# [What to produce]
Write out the full listing exactly as given, minus the images.

# [Data for this task]
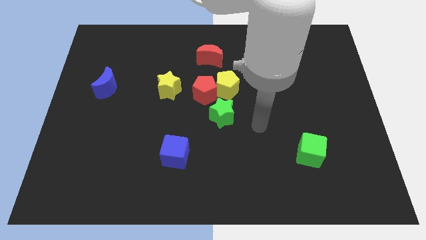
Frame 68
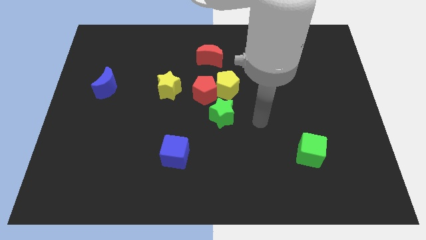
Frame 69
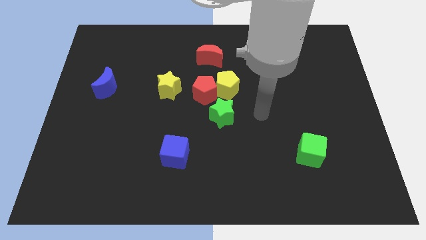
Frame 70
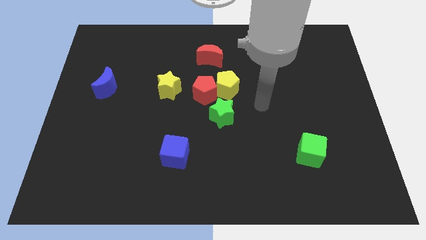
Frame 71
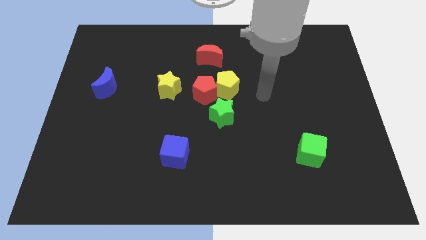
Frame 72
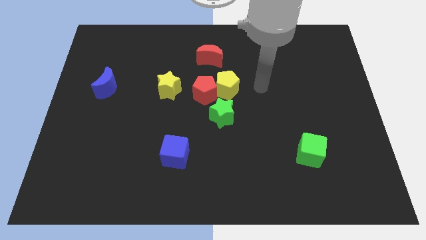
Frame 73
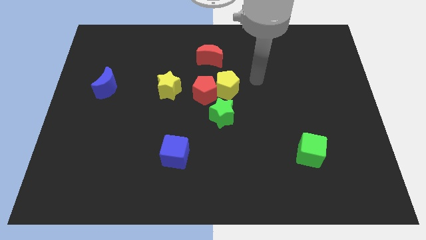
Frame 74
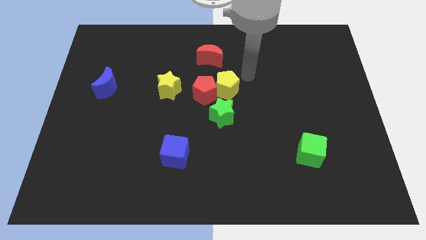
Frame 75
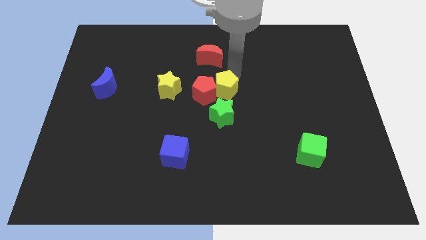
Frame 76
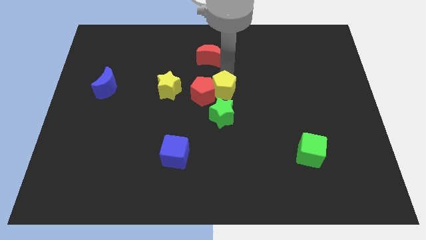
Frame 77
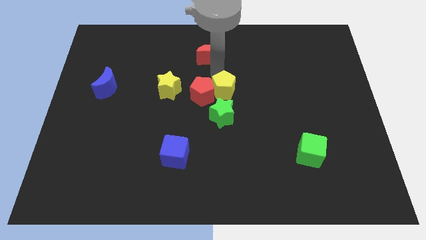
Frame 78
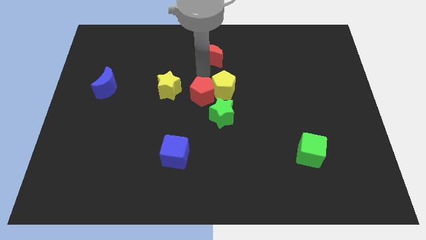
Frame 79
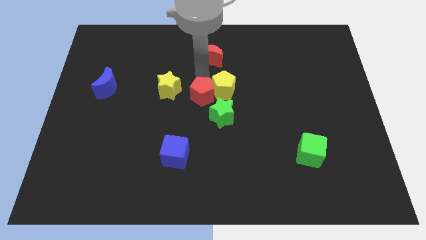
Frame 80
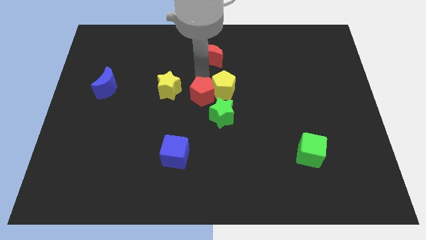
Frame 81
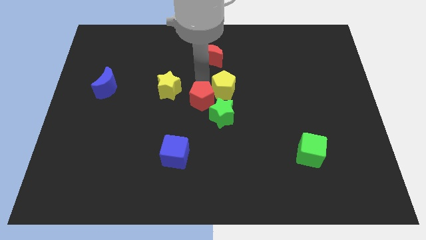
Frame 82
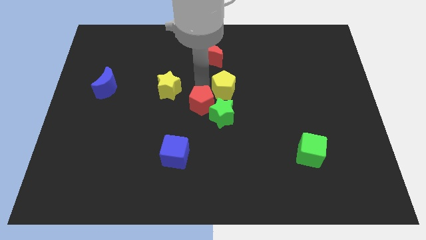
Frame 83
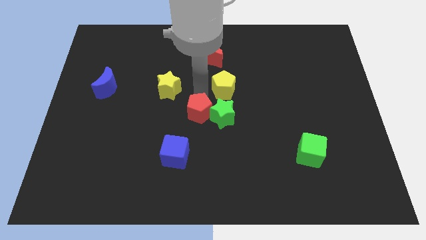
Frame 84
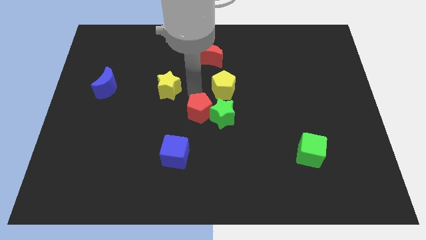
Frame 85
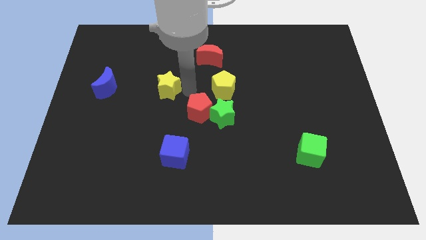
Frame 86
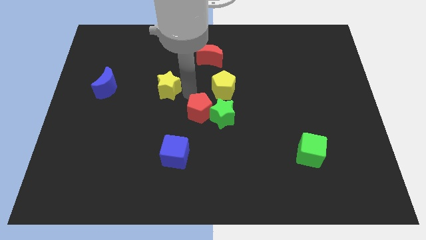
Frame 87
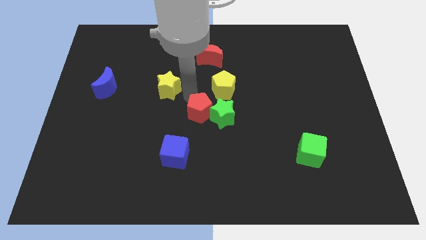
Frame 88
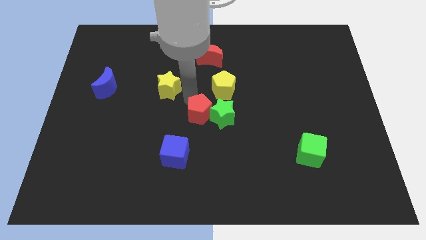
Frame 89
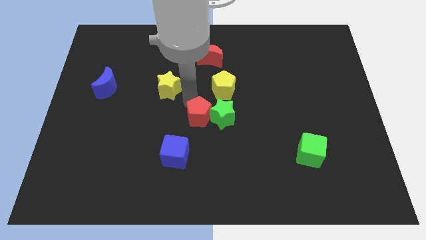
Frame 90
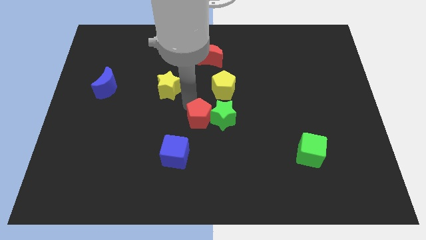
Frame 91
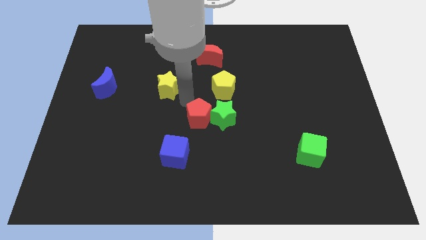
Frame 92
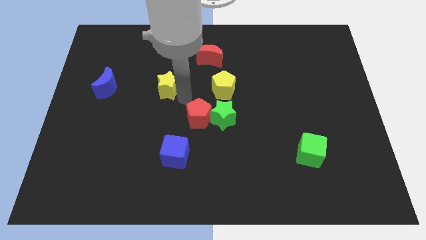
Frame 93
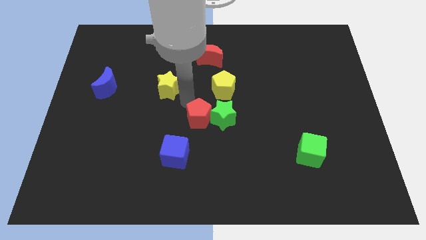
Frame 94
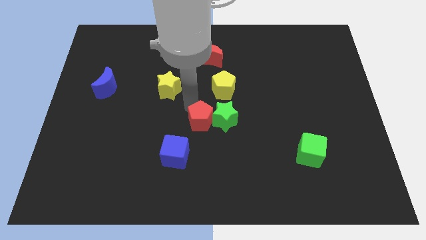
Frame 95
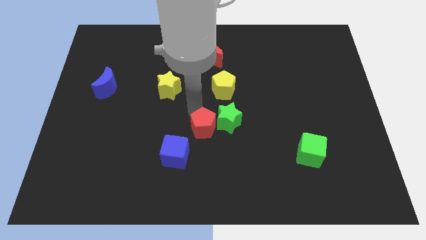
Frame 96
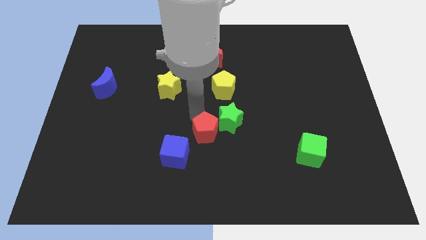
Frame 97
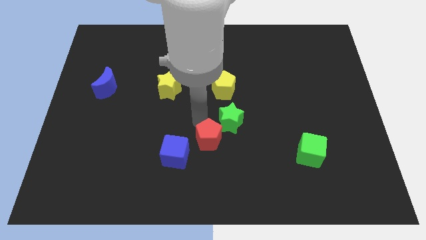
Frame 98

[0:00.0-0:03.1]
put the red pentagon to the right of the blue cube

# [Task answer]
Frame 68
Frame 69
Frame 70
Frame 71
Frame 72
Frame 73
Frame 74
Frame 75
Frame 76
Frame 77
Frame 78
Frame 79
Frame 80
Frame 81
Frame 82
Frame 83
Frame 84
Frame 85
Frame 86
Frame 87
Frame 88
Frame 89
Frame 90
Frame 91
Frame 92
Frame 93
Frame 94
Frame 95
Frame 96
Frame 97
Frame 98

[0:00.0-0:03.1]
put the red pentagon to the right of the blue cube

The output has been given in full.